Her discussion was with Hampton and Klausman as they told her the background and technique of various new aspects of their urology work they were writing about and she needed to understand when editing their work. Her gaze, however, frequently went beyond them to the Indian intern sitting behind them who seemed mesmerized by Cynthia's bosoms. She thought he was dreamy—and young enough for her to want to take out for a ride, so she leaned back in her chair and let Pride and Glory flirt with the young man.
It worked. When the session was over, the doctors, who had been so steeped in their surgical procedures that they hadn't noticed their intern flirting with Cynthia, suggested that Mehta escort Cynthia through the labyrinth of halls and levels of the West Hospital to the visitor's entrance, and he was delighted to do so.
"Are you familiar with Richmond, Mrs. Barnes? Do you know your way around?" he asked as they were riding down in the elevator. She was standing closer to him than was necessary and he found her scent intoxicating. As most men did to a voluptuous woman of her certain age, he spoke to her tits. His fingers were flexing with the desire to touch them.
"I live in Lexington," she said. "And it's Ms.
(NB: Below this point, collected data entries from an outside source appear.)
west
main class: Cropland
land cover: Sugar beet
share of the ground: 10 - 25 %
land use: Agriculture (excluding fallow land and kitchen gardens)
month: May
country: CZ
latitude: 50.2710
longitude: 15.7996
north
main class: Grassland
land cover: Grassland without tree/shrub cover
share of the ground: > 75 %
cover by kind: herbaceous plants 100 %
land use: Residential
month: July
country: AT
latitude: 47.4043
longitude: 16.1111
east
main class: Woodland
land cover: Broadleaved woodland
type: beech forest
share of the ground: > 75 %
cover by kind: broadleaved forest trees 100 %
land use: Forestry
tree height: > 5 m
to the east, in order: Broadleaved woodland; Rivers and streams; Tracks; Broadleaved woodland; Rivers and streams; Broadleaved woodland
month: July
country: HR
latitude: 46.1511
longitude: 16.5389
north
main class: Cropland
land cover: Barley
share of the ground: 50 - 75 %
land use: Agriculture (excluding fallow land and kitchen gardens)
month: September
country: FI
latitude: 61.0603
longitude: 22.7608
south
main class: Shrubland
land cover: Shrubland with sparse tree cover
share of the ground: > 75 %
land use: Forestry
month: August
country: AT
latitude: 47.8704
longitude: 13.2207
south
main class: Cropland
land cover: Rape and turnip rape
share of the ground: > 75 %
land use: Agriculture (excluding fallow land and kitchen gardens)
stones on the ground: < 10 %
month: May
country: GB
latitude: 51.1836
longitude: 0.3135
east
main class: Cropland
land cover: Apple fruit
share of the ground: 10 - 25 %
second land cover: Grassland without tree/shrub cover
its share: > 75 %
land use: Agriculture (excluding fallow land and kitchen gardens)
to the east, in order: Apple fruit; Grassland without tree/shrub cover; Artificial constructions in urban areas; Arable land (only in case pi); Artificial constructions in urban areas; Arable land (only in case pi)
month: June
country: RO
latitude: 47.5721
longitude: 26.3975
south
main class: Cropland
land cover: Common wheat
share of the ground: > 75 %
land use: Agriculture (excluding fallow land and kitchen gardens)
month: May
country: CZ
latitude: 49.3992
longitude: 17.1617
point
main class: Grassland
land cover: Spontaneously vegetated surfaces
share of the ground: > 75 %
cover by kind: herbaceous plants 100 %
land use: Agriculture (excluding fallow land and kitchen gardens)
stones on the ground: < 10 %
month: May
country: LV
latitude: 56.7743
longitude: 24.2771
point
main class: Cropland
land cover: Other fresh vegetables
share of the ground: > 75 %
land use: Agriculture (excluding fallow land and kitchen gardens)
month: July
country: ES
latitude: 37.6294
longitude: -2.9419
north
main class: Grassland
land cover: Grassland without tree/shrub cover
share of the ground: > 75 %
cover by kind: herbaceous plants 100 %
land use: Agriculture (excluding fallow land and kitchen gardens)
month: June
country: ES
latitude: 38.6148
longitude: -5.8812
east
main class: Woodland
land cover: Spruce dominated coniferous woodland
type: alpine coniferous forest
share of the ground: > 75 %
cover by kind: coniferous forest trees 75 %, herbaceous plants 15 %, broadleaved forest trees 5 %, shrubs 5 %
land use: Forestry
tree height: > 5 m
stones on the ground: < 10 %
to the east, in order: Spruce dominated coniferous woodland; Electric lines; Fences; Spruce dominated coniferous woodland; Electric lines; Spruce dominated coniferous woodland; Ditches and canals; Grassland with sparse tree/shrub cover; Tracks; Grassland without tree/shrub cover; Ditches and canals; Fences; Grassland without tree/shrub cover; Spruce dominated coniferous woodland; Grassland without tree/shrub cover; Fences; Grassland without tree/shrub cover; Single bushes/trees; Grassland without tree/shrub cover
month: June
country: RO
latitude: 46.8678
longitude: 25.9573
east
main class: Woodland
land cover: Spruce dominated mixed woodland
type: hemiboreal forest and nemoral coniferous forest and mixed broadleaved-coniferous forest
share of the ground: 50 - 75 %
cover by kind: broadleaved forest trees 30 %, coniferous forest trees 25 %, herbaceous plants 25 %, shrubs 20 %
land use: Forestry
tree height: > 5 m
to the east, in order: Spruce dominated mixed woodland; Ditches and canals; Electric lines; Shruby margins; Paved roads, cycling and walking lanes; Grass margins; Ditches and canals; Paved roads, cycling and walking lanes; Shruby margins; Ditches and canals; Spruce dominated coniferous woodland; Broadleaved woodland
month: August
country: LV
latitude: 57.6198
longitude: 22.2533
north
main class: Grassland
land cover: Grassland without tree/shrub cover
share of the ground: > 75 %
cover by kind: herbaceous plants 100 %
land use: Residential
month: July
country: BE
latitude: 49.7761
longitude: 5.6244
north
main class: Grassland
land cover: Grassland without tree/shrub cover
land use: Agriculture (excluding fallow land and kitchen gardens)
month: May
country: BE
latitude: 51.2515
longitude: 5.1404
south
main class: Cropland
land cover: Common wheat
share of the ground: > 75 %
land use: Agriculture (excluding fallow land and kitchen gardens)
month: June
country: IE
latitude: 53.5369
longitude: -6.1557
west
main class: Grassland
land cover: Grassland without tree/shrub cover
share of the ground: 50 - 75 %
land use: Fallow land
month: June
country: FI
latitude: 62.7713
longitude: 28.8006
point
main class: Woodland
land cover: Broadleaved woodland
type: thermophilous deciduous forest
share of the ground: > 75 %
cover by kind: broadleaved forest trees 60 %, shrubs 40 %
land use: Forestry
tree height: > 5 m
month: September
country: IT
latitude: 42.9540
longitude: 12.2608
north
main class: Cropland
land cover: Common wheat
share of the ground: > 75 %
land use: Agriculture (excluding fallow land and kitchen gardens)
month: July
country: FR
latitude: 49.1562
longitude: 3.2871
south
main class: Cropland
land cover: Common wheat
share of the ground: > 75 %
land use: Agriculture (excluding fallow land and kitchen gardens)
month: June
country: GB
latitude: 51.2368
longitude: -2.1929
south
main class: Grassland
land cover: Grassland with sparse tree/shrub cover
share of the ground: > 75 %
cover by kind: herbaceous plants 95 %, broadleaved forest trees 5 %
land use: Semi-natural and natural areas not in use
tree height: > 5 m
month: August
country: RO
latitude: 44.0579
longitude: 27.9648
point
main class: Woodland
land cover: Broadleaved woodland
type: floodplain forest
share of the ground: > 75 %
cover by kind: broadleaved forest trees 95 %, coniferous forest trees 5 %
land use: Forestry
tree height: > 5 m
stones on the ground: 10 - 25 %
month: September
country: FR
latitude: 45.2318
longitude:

Barnes. I'm not married; I'm divorced."
He smiled. She always liked to get both parts of that out with young men—that there was no husband as an encumbrance, but that she'd had one, so she knew what to do with a man in bed. Men in Larraj Mehta's age bracket, especially ones who looked at her the way he had, were forever on the make for an older, but well-preserved, woman who was available and experienced. They were the easiest prey for cougars like Cynthia, who were always on the make for young meat.